Protecting Them from Themselves concludes by seeking to stimulate greater conversation about mutual benefits claims that are often accepted too easily. I use the reasons why historical mutual benefits arguments are unconvincing to formulate four practical criteria that judges, legislators, and commentators should apply in evaluating contemporary mutual benefits discourse. These criteria ask whether advocates asserting that rights and opportunities will injure women or people of color are consistent in their arguments, whether they present evidence of harm, whether they rely on narrow assumptions about how women or people of color should behave, and whether they engage with counterarguments and opposing viewpoints. I employ these criteria to assess several modern mutual benefits arguments.

Contemporary claims that women or people of color benefit from limited rights and opportunities have many of the same weaknesses as their historical precursors. First, judges, legislators, and commentators have been very selective in contending that people seeking rights and opportunities can be safely ignored because they fundamentally misunderstand their own interests. The law does not usually assume that people are radically mistaken about how to improve their lives and need to be protected from themselves. But claims that women or people of color will be worse off with more rights and choices are common. Second, the evidence that rights and opportunities harm women or people of color is sometimes questionably reliable, and sometimes simply nonexistent. Third, mutual benefits claims frequently depend on and enforce rigid, historically embedded assumptions about how women and people of color should think, act, and live. Modern mutual benefits arguments, like their historical predecessors, typically take for granted that women should orient their lives toward domesticity instead of male-dominated spheres such as the market. Similarly, contemporary mutual benefits arguments track historical patterns in presuming that people of color are better off the more they accommodate and the less they demand from white society. Finally, modern arguments about mutual benefits to women and men, or to people of color and whites, often avoid acknowledging any possible costs associated with restricting the rights and opportunities open to women and people of color.

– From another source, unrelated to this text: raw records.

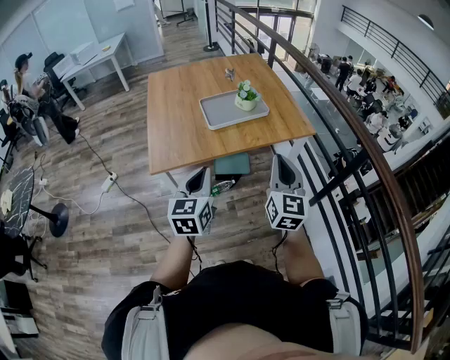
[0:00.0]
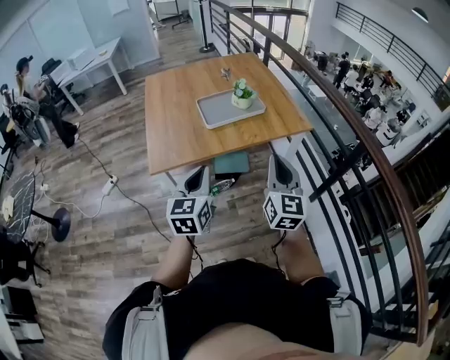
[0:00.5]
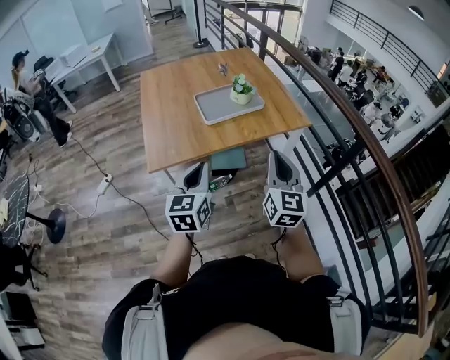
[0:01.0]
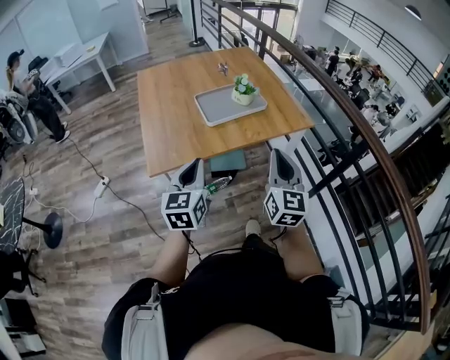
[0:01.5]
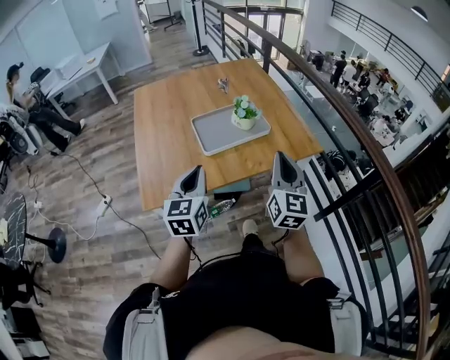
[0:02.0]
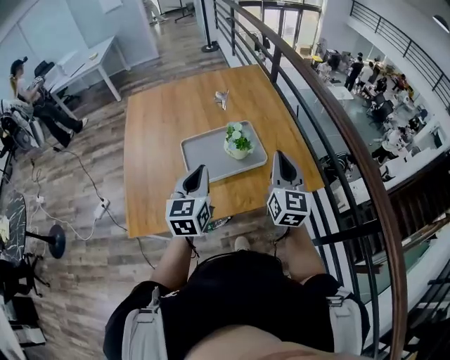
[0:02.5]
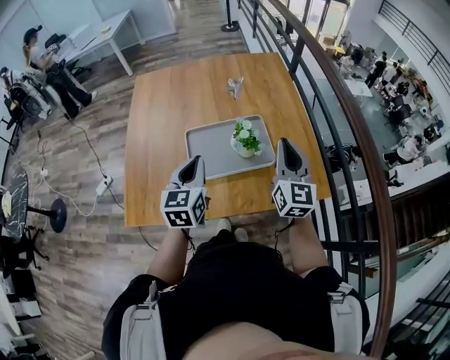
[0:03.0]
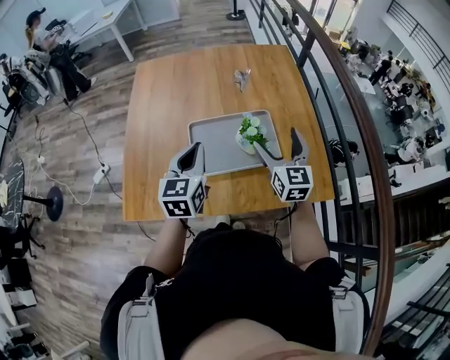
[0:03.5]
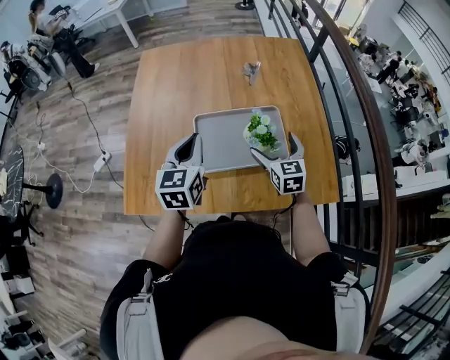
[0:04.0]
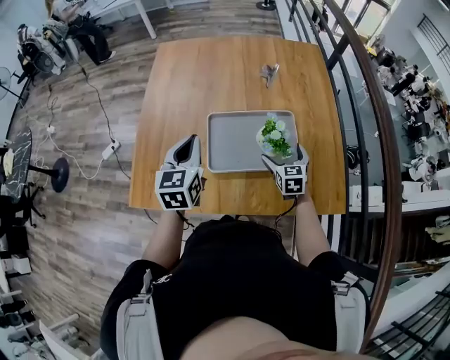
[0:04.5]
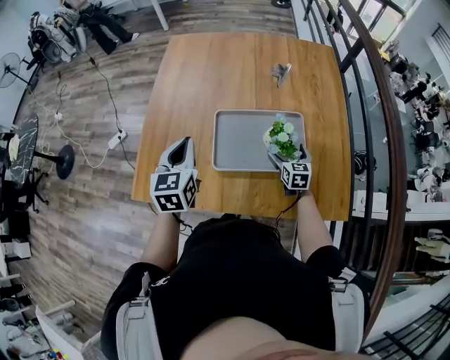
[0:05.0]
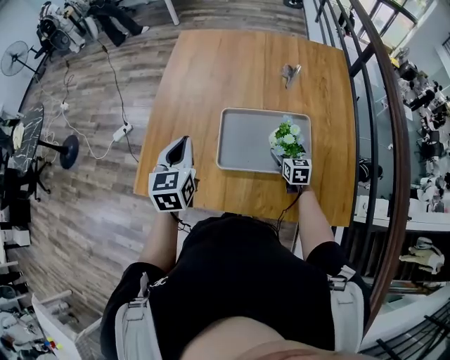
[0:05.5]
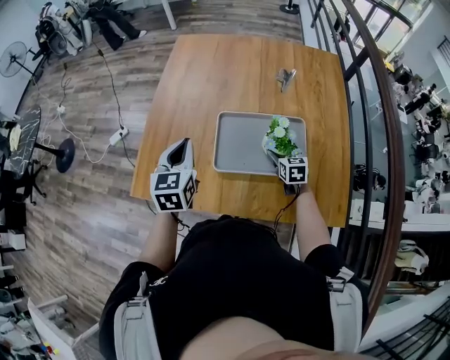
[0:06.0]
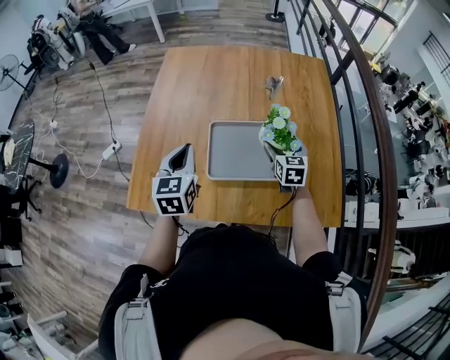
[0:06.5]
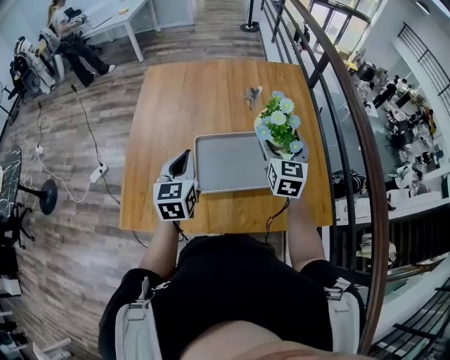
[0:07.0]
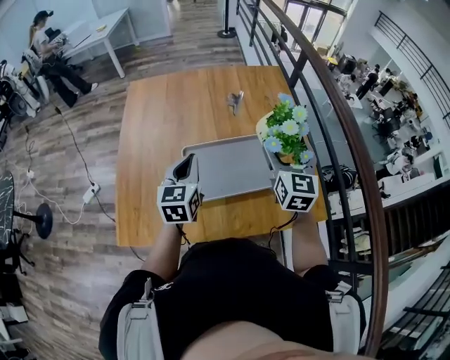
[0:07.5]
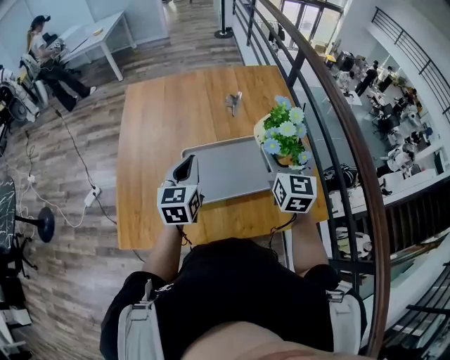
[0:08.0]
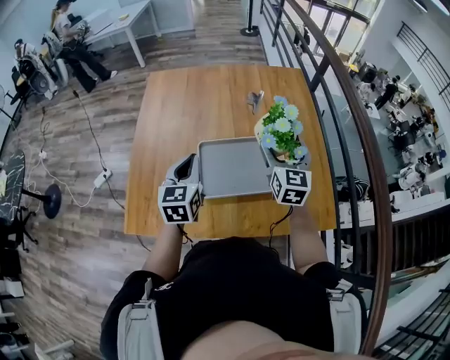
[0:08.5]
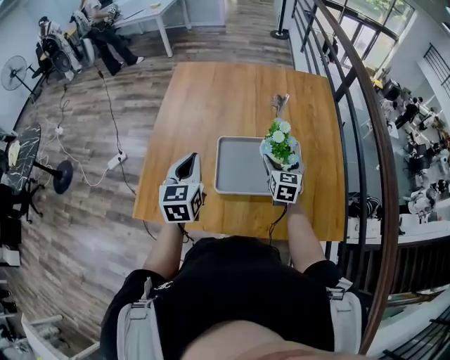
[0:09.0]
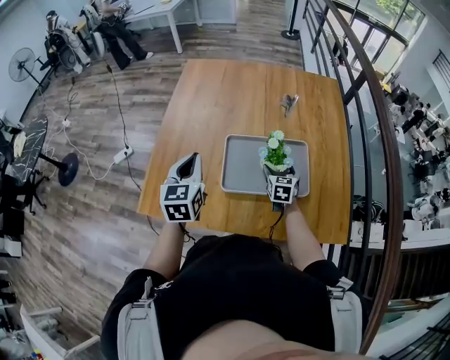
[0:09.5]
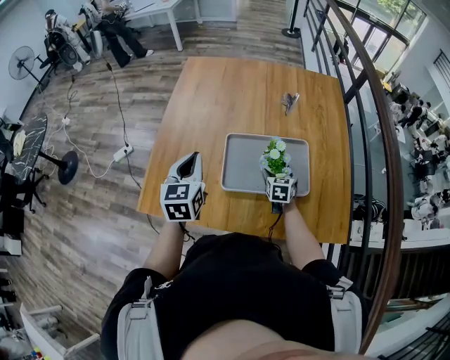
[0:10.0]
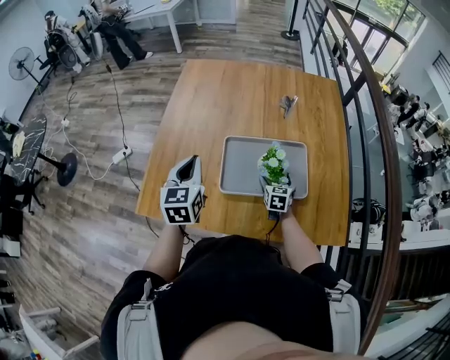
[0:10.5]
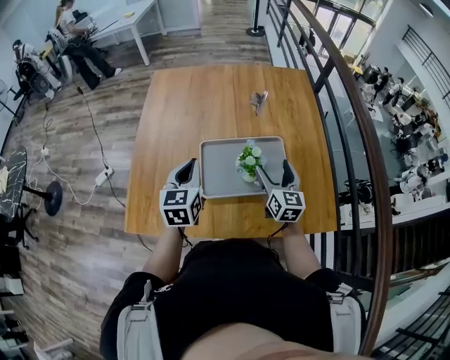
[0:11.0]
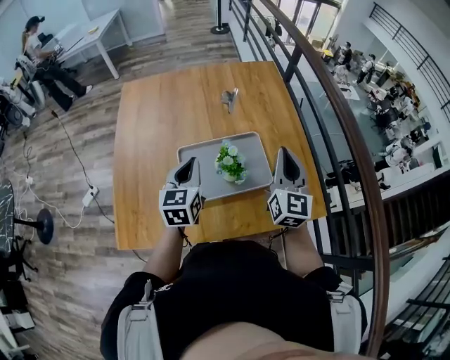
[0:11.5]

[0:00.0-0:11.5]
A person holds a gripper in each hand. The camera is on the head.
0:00.0 to 0:02.0: Both grippers move forward, some 20 cm.
0:02.0 to 0:04.0: The grippers both shift forward by about 35 cm. The right gripper rotates approximately 40 degrees, and opens up.
0:04.0 to 0:06.0: The right gripper shifts approximately 15 cm downward and forward. The left gripper travels to the left by roughly 10 cm.
0:06.0 to 0:07.5: The right gripper goes some 30 cm upward, and angles its fingers upward, by approximately 30 degrees. The left gripper heads to the right, covering roughly 10 cm.
0:07.5 to 0:09.5: The left gripper travels to the left and backward by some 10 cm, while the right gripper shifts approximately 30 cm downward, and swivels roughly 30 degrees.
0:09.5 to 0:11.5: The left gripper shifts some 15 cm to the right. Meanwhile the right gripper shifts some 30 cm upward and to the right, angles its fingers upward, by some 40 degrees, and closes up.

History richly documents how mutual benefits claims have long served to rationalize and perpetuate legal hierarchies based on sex and race. This history also suggests criteria that legal authorities and advocates should employ in evaluating modern manifestations of mutual benefits discourse that are now accepted too readily. Applying these criteria can help assess arguments that risk reinforcing some of the nation’s most entrenched and intransigent forms of status inequality.

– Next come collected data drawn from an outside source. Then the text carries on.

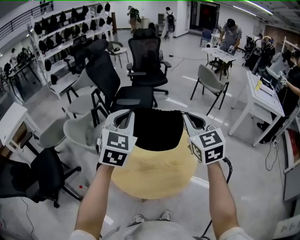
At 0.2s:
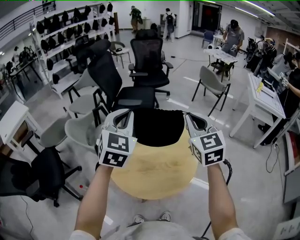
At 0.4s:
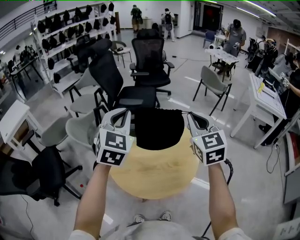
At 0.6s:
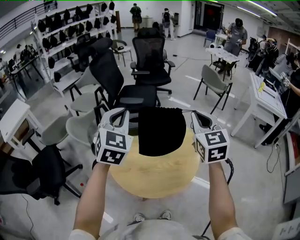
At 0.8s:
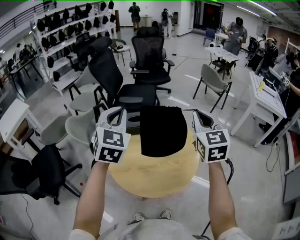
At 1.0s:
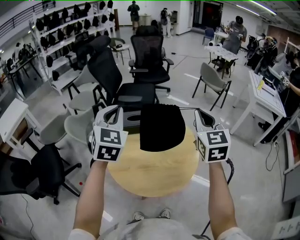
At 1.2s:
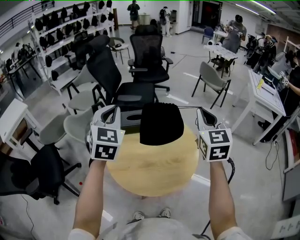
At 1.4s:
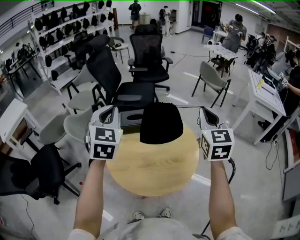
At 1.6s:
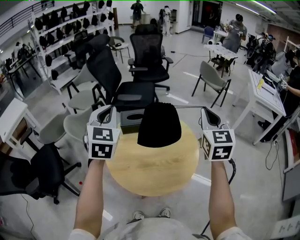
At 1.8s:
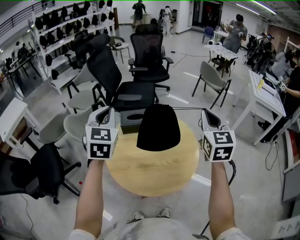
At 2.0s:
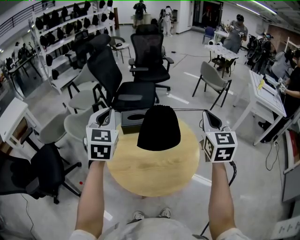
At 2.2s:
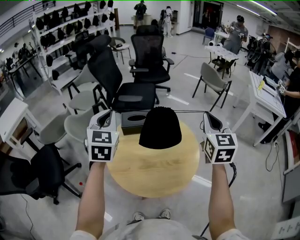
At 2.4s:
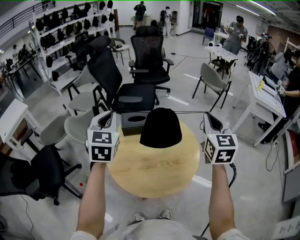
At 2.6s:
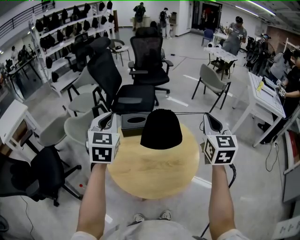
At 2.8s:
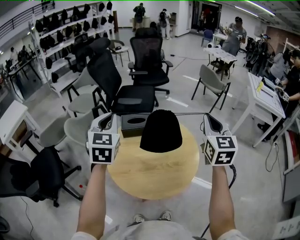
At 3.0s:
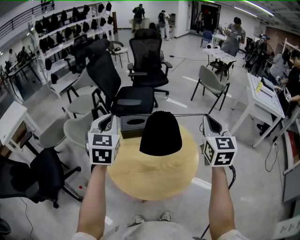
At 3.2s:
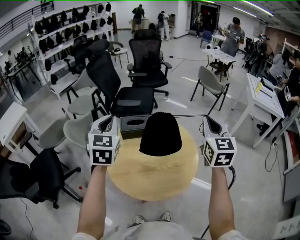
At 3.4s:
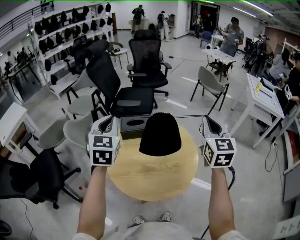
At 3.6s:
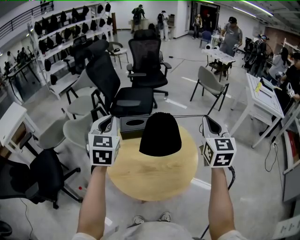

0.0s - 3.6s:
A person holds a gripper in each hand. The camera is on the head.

Copyright © 2010 New York University Law Review.

Jill Elaine Hasday is the Julius E. Davis Professor of Law at University of Minnesota Law School.

This Legal Workshop Editorial is based on the following Article: Jill Elaine Hasday, Protecting Them from Themselves: The Persistence of Mutual Benefits Arguments for Sex and Race Inequality, 84 N.Y.U. L. REV. 1464 (2009).

  1. 410 U.S. 113 (1973).
  2. 505 U.S. 833 (1992).
  3. 550 U.S. 124 (2007).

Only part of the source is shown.